▶ Prompt
Pictures must not be copied, but every entry must be reproduced exactly.

▶ Extracted records
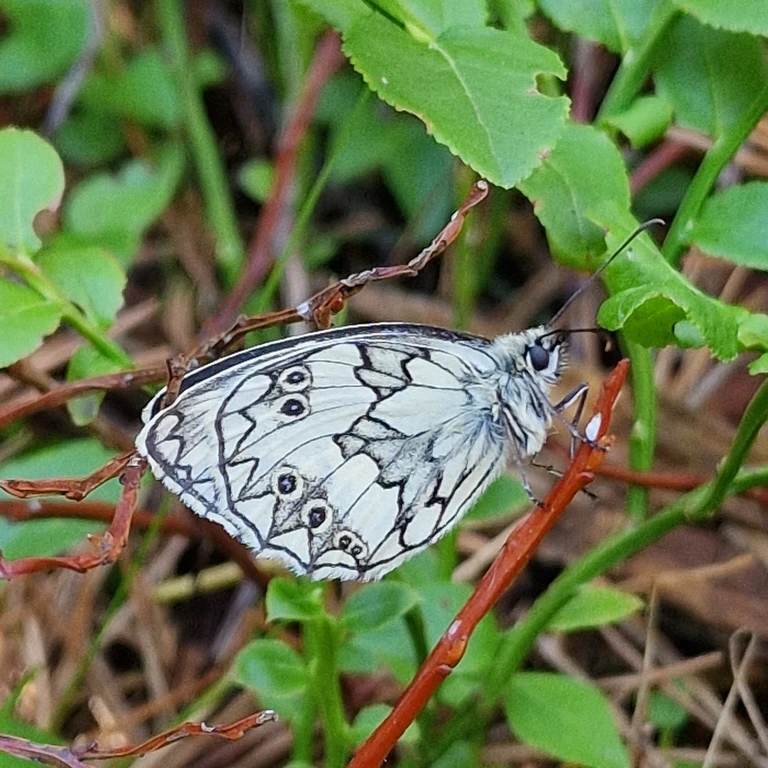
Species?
Melanargia galathea
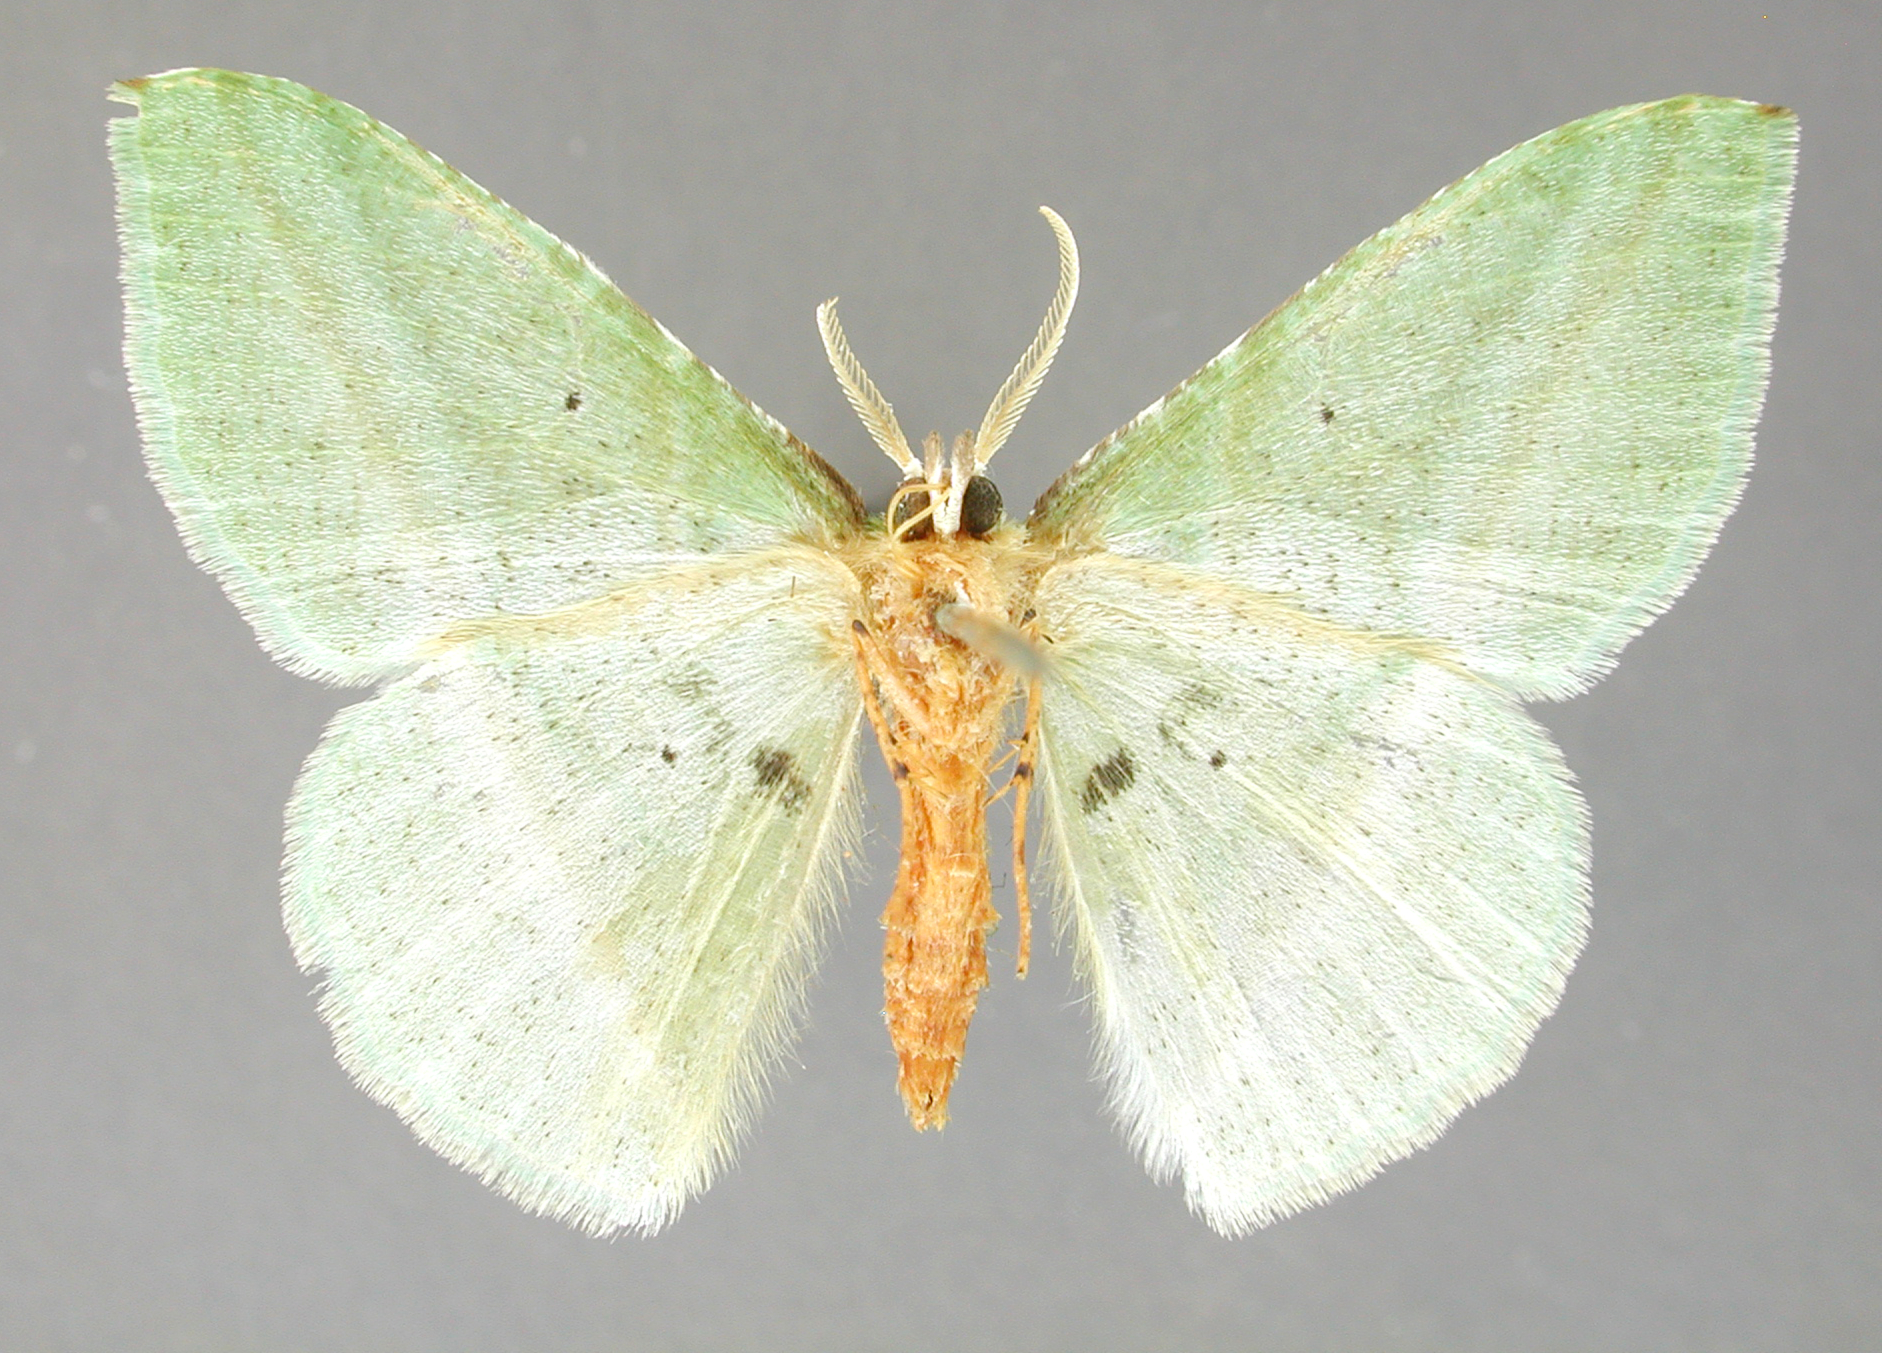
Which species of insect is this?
Geometra consequaria
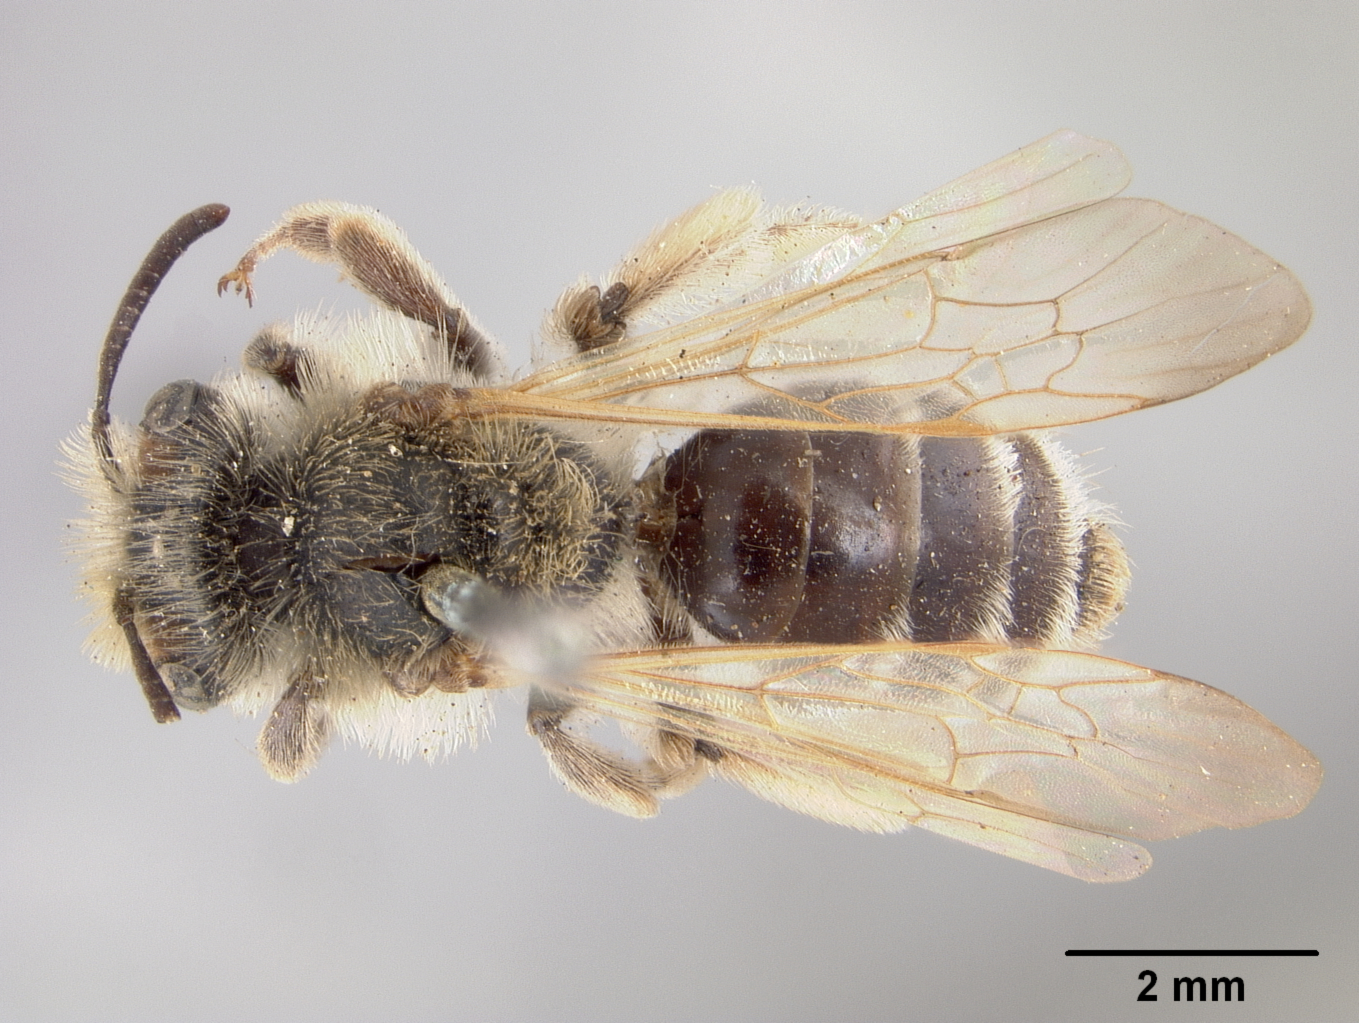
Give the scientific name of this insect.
Cilissa trizonata
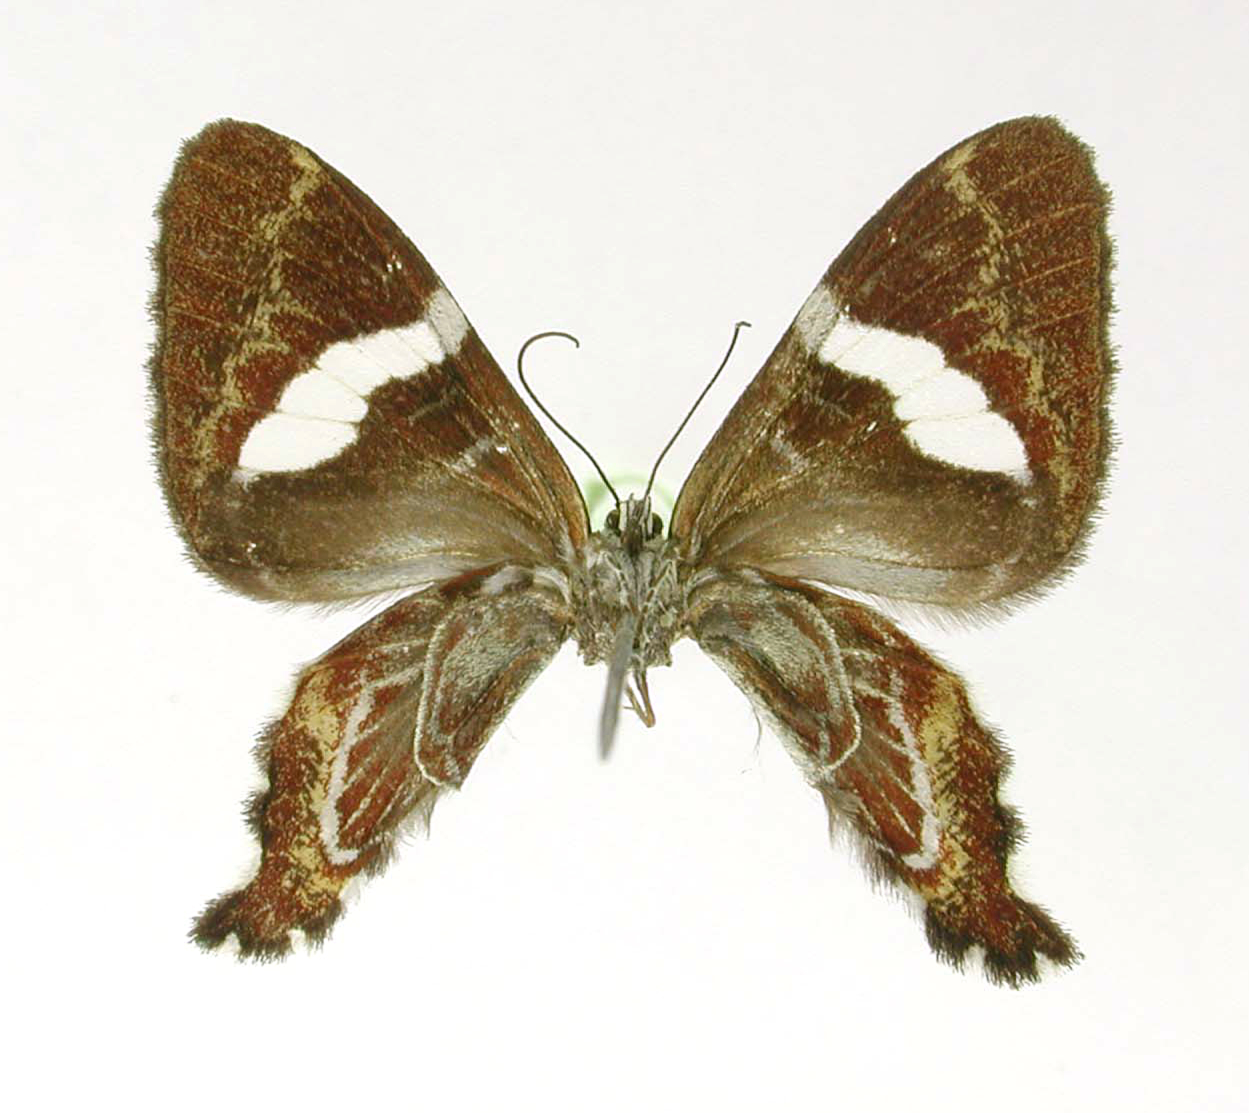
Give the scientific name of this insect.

▶ Written response
Species?
Melanargia galathea
Which species of insect is this?
Geometra consequaria
Give the scientific name of this insect.
Cilissa trizonata
Give the scientific name of this insect.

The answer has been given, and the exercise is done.